Problem to solve:
Print the data exactly as written, but leave out each picture.

(Recorded data)
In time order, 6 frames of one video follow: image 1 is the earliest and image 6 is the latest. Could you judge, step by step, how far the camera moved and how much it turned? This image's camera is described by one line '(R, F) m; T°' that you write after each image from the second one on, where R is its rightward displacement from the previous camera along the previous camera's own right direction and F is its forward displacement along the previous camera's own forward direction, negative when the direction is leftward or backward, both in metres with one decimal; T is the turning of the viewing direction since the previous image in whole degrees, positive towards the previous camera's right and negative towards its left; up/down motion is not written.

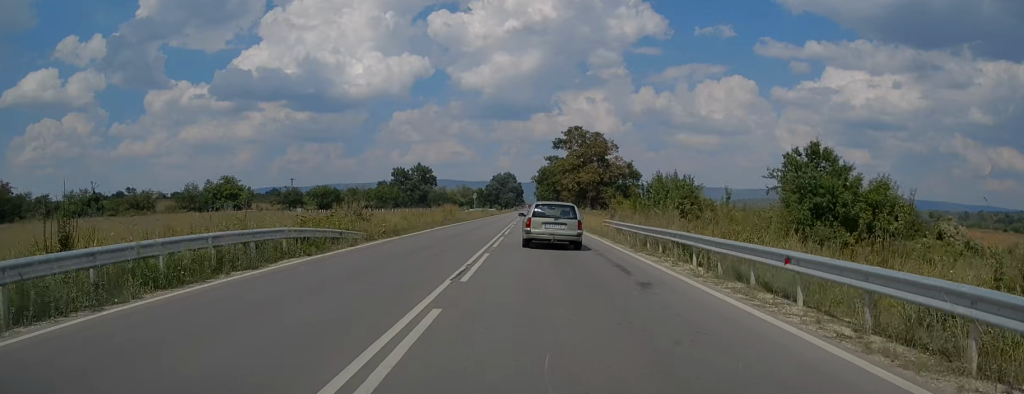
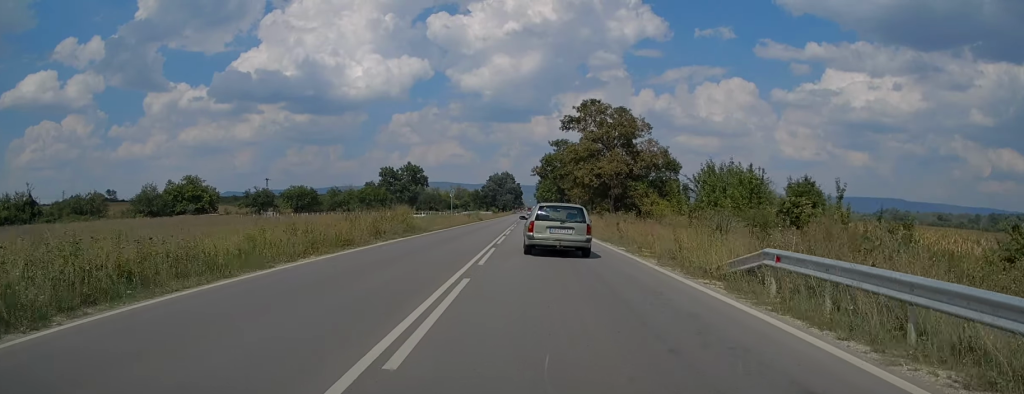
(+0.1, +23.2) m; 0°
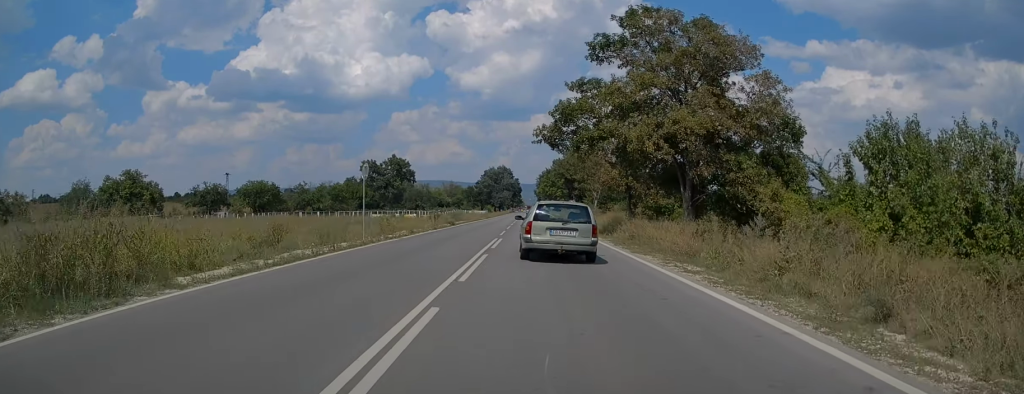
(+0.1, +29.8) m; 0°
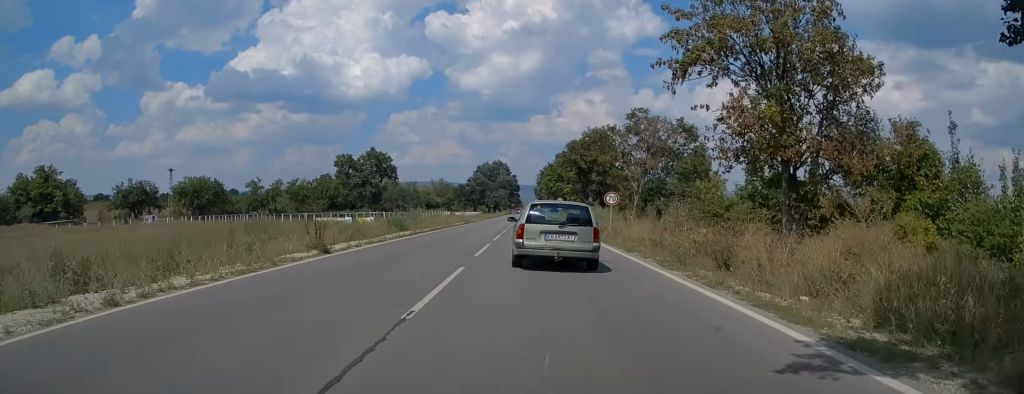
(-0.1, +31.6) m; -1°
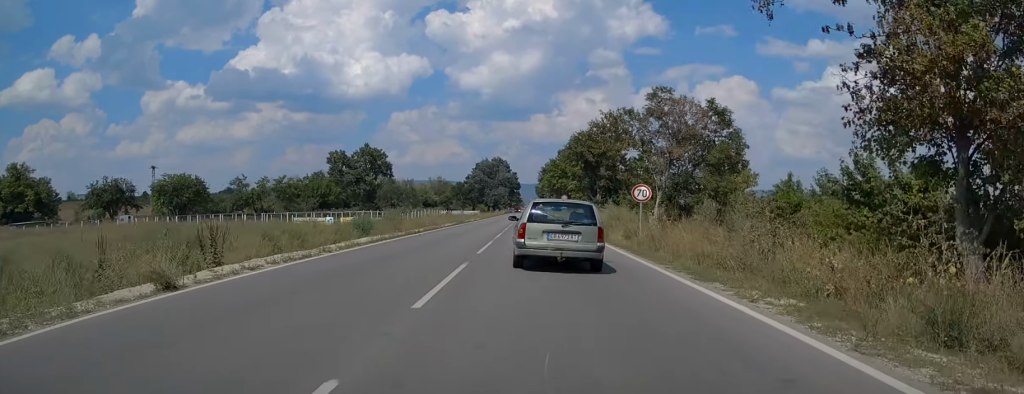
(0.0, +8.7) m; 0°
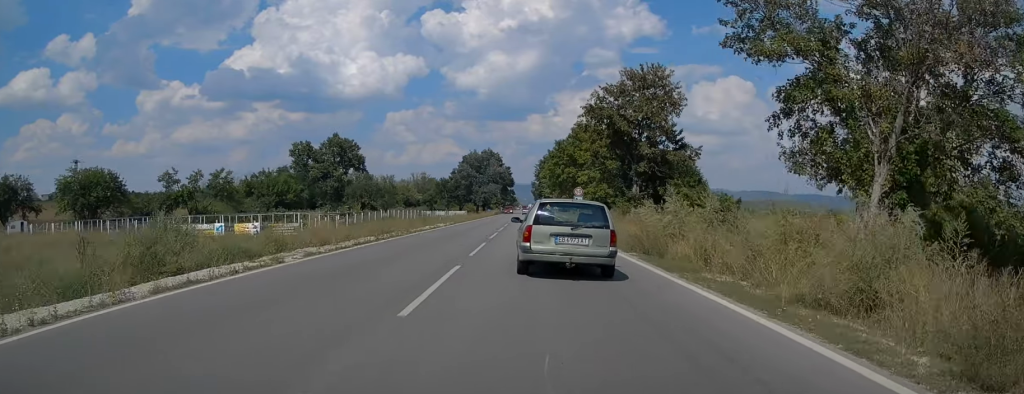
(+0.1, +28.1) m; 0°

Your solution:
In time order, 6 frames of one video follow: image 1 is the earliest and image 6 is the latest. Could you judge, step by step, how far the camera moved and how much it turned? This image's camera is described by one line '(R, F) m; T°' that you write after each image from the second one on, where R is its rightward displacement from the previous camera along the previous camera's own right direction and F is its forward displacement along the previous camera's own forward direction, negative when the direction is leftward or backward, both in metres with one decimal; T is the turning of the viewing direction since the previous image in whole degrees, positive towards the previous camera's right and negative towards its left; up/down motion is not written.

(+0.1, +23.2) m; 0°
(+0.1, +29.8) m; 0°
(-0.1, +31.6) m; -1°
(0.0, +8.7) m; 0°
(+0.1, +28.1) m; 0°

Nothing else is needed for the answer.